#### TASK DESCRIPTION
Excerpt from the entries below: please repeat exactly the lines from the one containing "In sequence, 2.0 s after image 1." through the last one, both ends included, with no pictures.

(Source records)
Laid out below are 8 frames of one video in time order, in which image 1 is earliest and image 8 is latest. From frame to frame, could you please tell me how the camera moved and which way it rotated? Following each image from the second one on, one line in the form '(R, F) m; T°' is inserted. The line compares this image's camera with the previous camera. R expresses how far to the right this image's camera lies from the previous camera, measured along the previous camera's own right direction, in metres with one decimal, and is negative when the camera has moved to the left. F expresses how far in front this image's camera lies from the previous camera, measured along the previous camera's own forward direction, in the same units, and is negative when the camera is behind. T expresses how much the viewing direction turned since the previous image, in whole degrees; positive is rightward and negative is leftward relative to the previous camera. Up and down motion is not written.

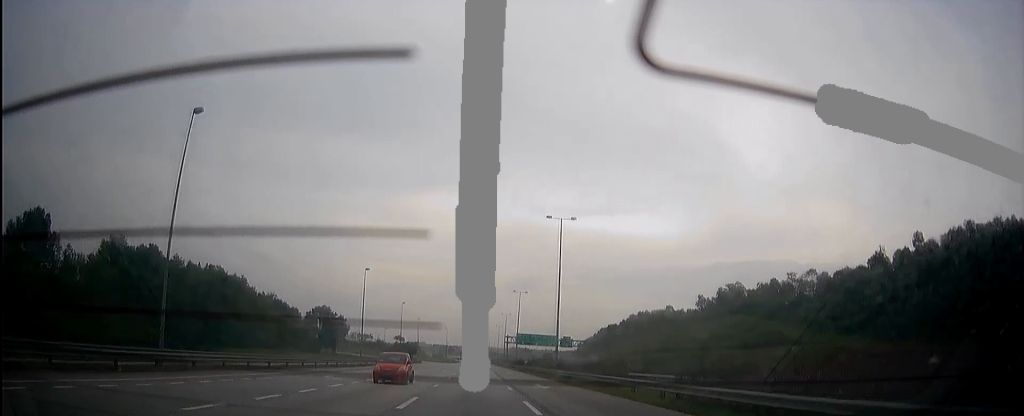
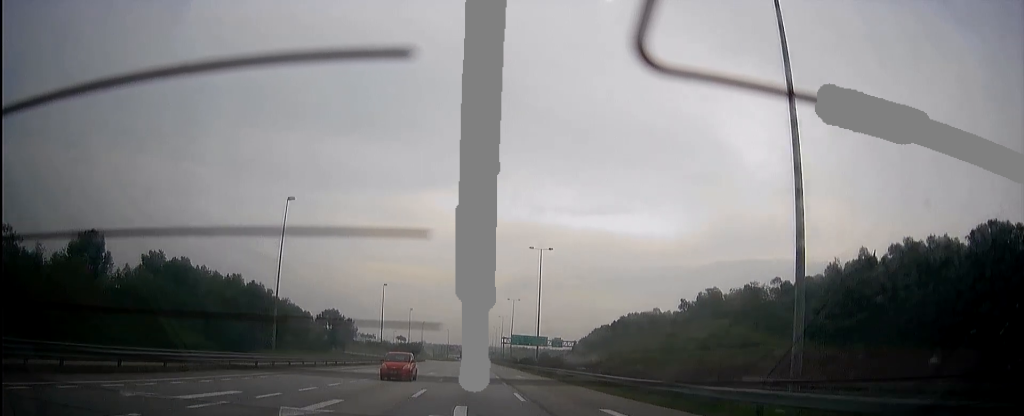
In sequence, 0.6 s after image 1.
(0.0, +16.5) m; 0°
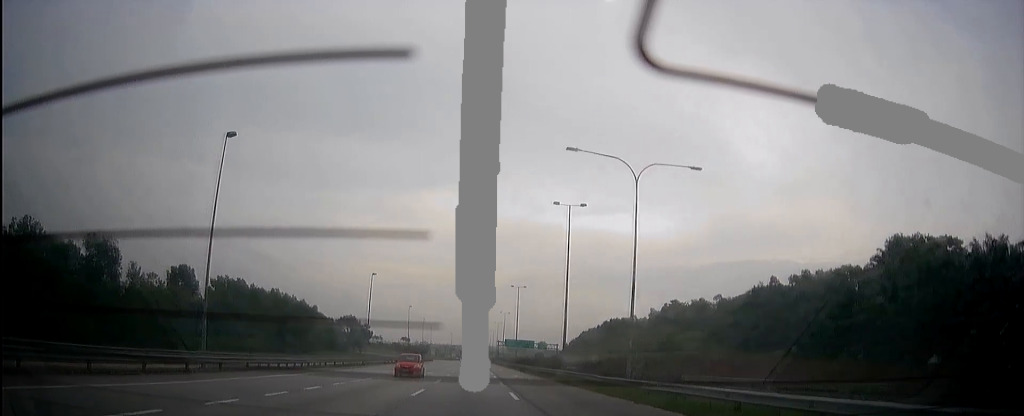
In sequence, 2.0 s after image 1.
(-0.1, +37.3) m; 0°
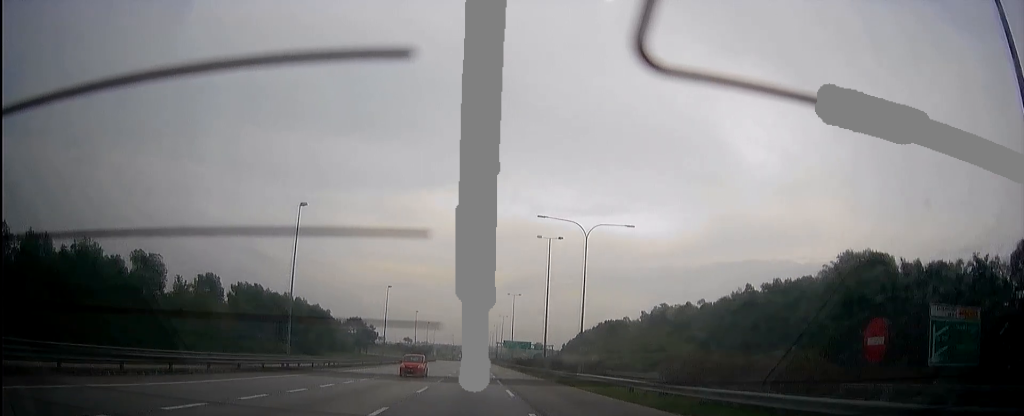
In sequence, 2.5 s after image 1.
(0.0, +15.3) m; 0°
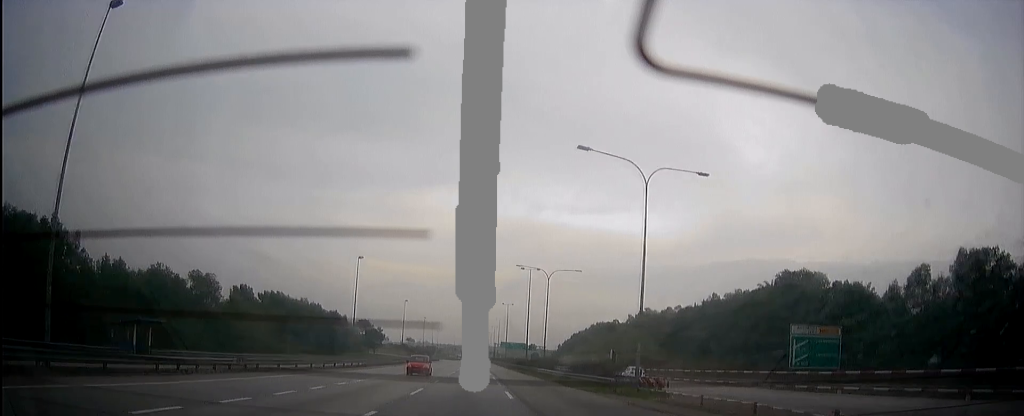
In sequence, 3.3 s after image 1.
(0.0, +21.8) m; 0°
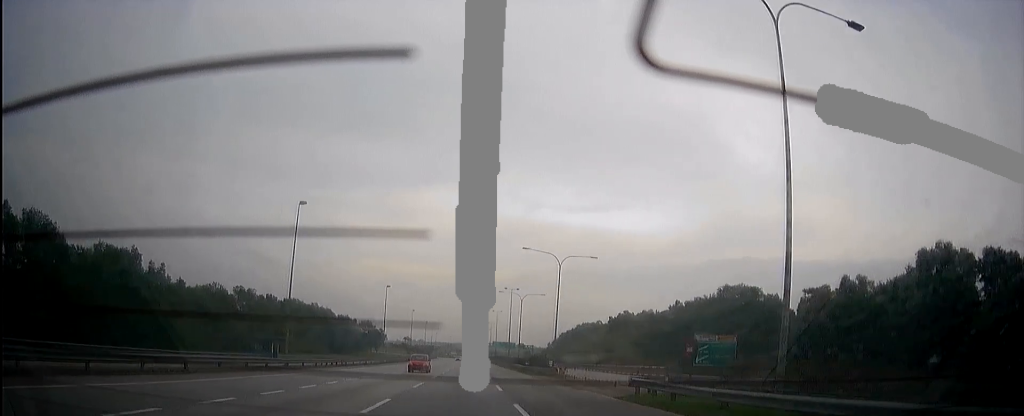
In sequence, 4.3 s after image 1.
(0.0, +27.0) m; 0°
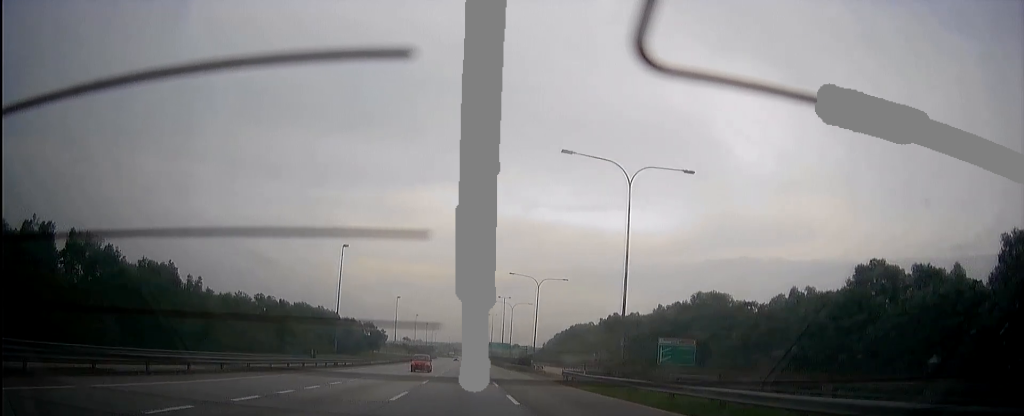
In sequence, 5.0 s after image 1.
(-0.1, +17.4) m; 0°
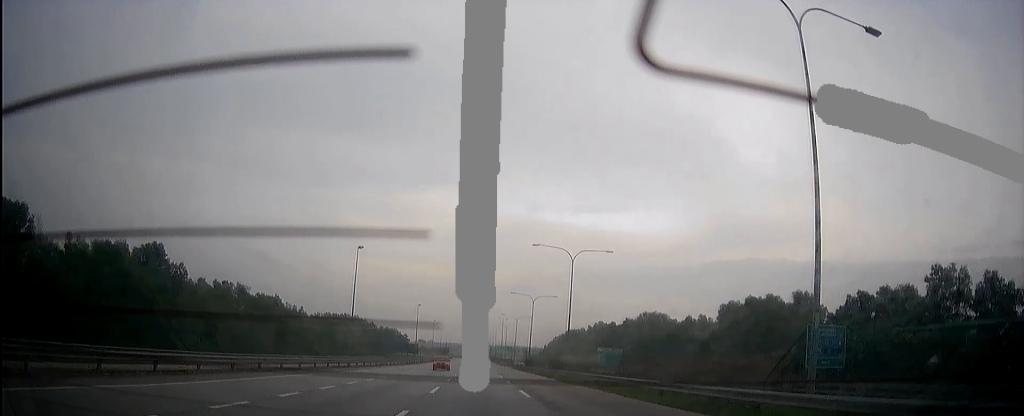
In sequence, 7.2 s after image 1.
(+0.2, +61.4) m; +1°

#### OUTPUT FOR THIS TASK
In sequence, 2.0 s after image 1.
(-0.1, +37.3) m; 0°
In sequence, 2.5 s after image 1.
(0.0, +15.3) m; 0°
In sequence, 3.3 s after image 1.
(0.0, +21.8) m; 0°
In sequence, 4.3 s after image 1.
(0.0, +27.0) m; 0°
In sequence, 5.0 s after image 1.
(-0.1, +17.4) m; 0°
In sequence, 7.2 s after image 1.
(+0.2, +61.4) m; +1°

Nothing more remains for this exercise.